Separadamente, os quatro já vinham mantendo conversas sobre a possibilidade de se unirem na sucessão à Mesa Diretora da Câmara. A expectativa era que hoje o grupo começasse a costurar um acordo e definir uma estratégia para a disputa, que deve ter o deputado Arthur Lira (PP-AL), líder do Centrão, como candidato do Palácio do Planalto.

Com a suspeita de contaminação de Bivar, o encontro entre os líderes pode acontecer na próxima semana. Segundo apurou o Broadcast/Estadão, as definições, no entanto, só devem ocorrer após o fim do segundo turno das eleições municipais. A avaliação é que o melhor é esperar situações como a do Rio de Janeiro, onde Republicanos disputa a prefeitura com o DEM, serem resolvidas.

Pereira e Baleia são nomes cotados para sucessão de Maia. O presidente do MDB tem o apoio de Maia para se candidatar, enquanto Pereira aparece como um nome do Centrão, em uma disputa de espaço com Lira, e que tem ganhado a simpatia da oposição. Nenhum deles assume ser candidato ainda.

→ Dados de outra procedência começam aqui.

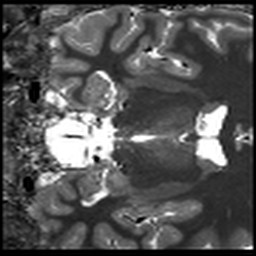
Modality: T1map
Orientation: coronal
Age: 22
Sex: female
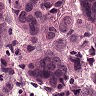
Metastatic tissue present: yes
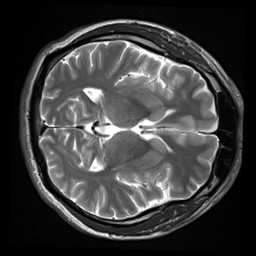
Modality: inplaneT2
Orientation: axial
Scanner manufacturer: siemens
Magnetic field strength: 3 T
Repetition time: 7.02 s
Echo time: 0.069 s
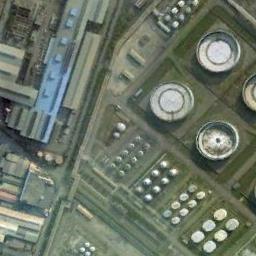
Label: storage tanks
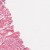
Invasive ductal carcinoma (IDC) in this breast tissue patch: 0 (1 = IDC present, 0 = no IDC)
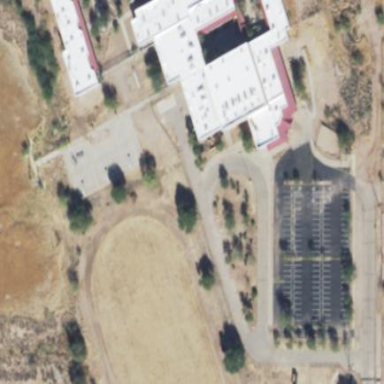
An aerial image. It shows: School.
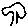
Label: tree
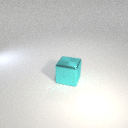
large cyan metal cube
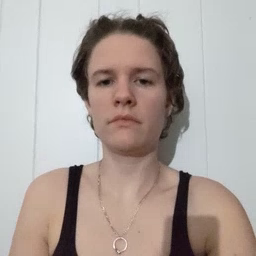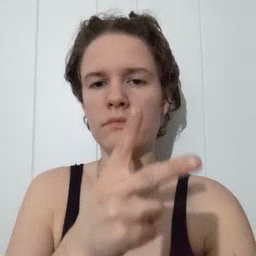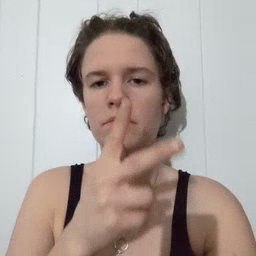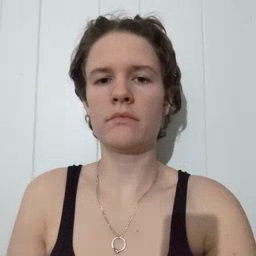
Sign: hen
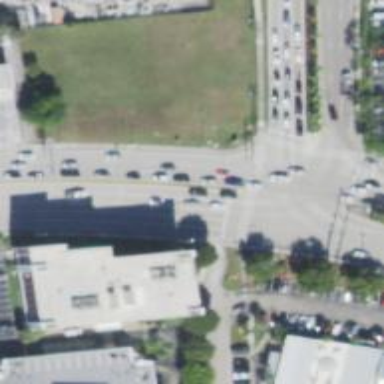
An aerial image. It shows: Asphalt footway with uncontrolled zebra crossing.
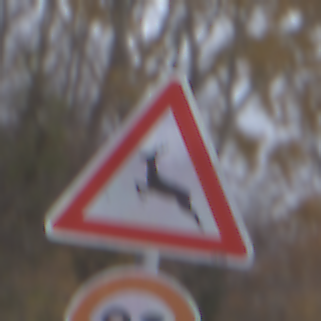
Verkehrszeichen: WildwechselRechts
Zusatzzeichen unten: Geschwindigkeit90
Umgebung: Outdoor, Nature
Tageszeit: MorningAfternoon
Wetter: Overcast
Licht: Natural
Jahreszeit: NotSpecified
Kontrast: LowContrast
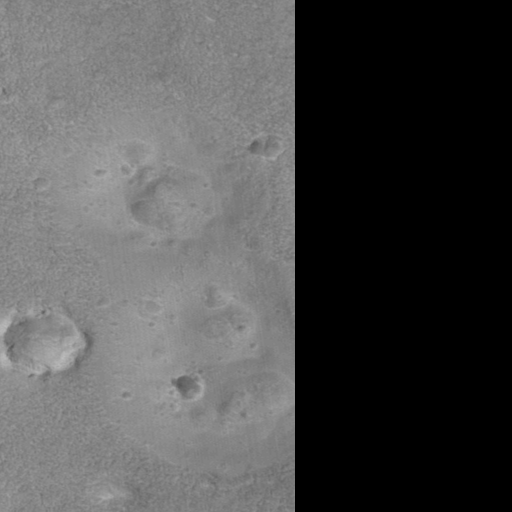
Objects detected: cone, cone
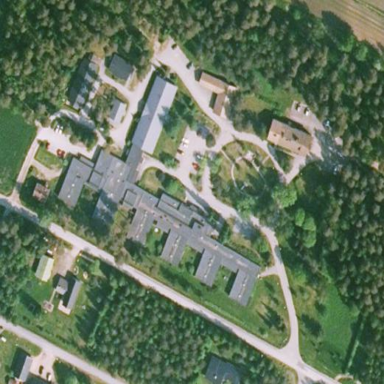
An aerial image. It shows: Nursing home.
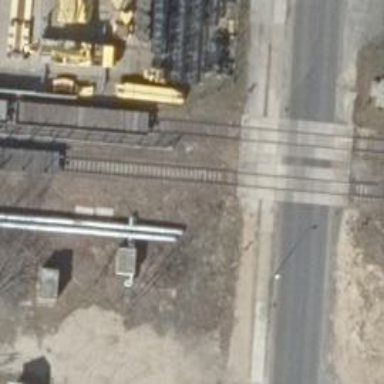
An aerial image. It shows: Crossing for the railway.
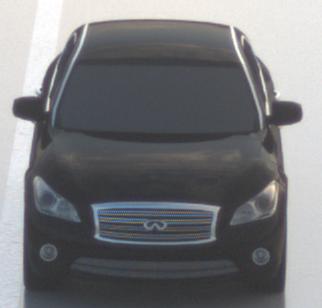
Make: Infiniti
Model: M 37
Detailed model: M (Y51)
Model produced from: 2010/10
Model produced until: 2013/11
Doors: 4
Color: black
Road condition: wet road
Daytime: sunrise or sunset
Contrast: medium contrast
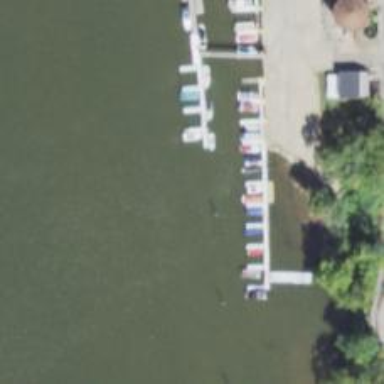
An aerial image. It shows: Pier with mooring facilities.
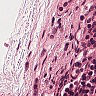
Metastatic tissue present: no
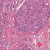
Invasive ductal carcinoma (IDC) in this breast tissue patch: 1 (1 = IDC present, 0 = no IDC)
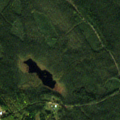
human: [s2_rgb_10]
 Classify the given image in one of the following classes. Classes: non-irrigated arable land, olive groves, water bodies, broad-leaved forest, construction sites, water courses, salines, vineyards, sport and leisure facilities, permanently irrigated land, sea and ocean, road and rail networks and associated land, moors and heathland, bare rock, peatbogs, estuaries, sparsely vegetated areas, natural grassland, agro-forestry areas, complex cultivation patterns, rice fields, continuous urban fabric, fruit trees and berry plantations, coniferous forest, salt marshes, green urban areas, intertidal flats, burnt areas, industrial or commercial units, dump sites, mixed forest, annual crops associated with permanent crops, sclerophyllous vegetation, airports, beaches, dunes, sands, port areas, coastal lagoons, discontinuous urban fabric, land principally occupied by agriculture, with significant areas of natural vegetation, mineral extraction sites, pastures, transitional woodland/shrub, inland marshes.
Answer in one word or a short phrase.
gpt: coniferous forest, mixed forest
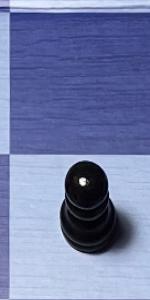
Label: Pawn_Black
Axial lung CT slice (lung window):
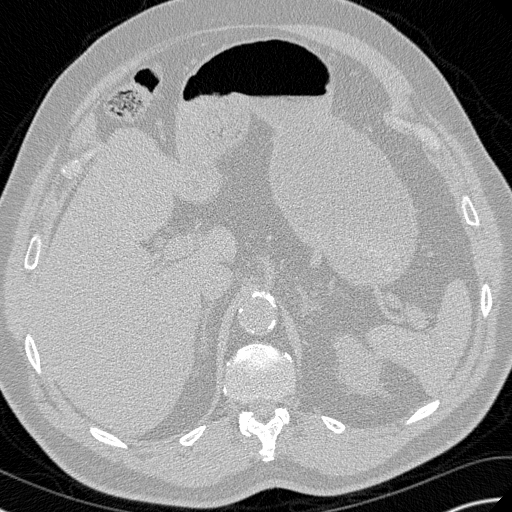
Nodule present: no
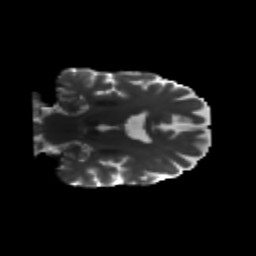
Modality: T2w
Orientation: coronal
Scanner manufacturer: siemens
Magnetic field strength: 3 T
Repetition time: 8.8 s
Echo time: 0.085 s
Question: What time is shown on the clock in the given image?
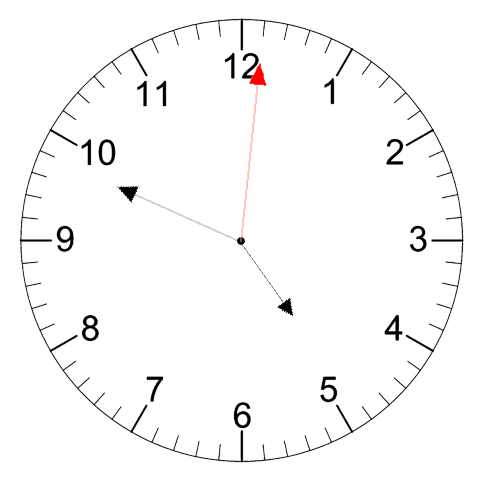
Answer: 04:49:01
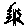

Bivar também passou a ser cogitado como um nome para a disputa da Presidência da câmara. Em entrevista ao Estadão, o presidente do PSL admitiu as conversas com Maia e disse que se manter na estrutura da Câmara é essencial para o fortalecimento da legenda. Atualmente, é o segundo vice-presidente da Casa.

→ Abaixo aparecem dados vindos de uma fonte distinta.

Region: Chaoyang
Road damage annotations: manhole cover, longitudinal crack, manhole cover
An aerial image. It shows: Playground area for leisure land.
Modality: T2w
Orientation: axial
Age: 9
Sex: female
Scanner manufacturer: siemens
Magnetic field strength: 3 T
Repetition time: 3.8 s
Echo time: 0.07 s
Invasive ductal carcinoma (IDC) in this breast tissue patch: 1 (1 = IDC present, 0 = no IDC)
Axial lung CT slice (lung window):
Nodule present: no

O cenário da Câmara, hoje, se divide basicamente em três grandes forças políticas. A primeira é a do Centrão, com os partidos da base do governo, liderados por Lira. Formalmente, ele coordena na Câmara o grupo regimental composto por PL, PP, PSD, Solidariedade e Avante, com o total de 135 deputados. Siglas como Republicanos, Pros, PSC, Patriota e PTB (68 deputados) costumam também compor com esse grupo informalmente, formando o chamado “Centrão”

O “núcleo independente” ou “núcleo Maia” tem DEM, PSDB, MDB, Cidadania e parte do PSL (102 deputados). E há ainda a oposição, com PT, PSB, PDT, PSOL e PCdoB com 132 deputados.

Independentemente desses grupos, PSL, Pros e PTB formam outra agremiação formal na Câmara, sob a liderança de Felipe Francischini (PSL-PR).

Os partidos podem compor de várias maneiras para a eleição da Câmara. Estão em jogo também outras funções além da presidência, como a primeira e segunda vice, hoje ocupadas respectivamente por Pereira e Bivar, e quatro postos de secretários.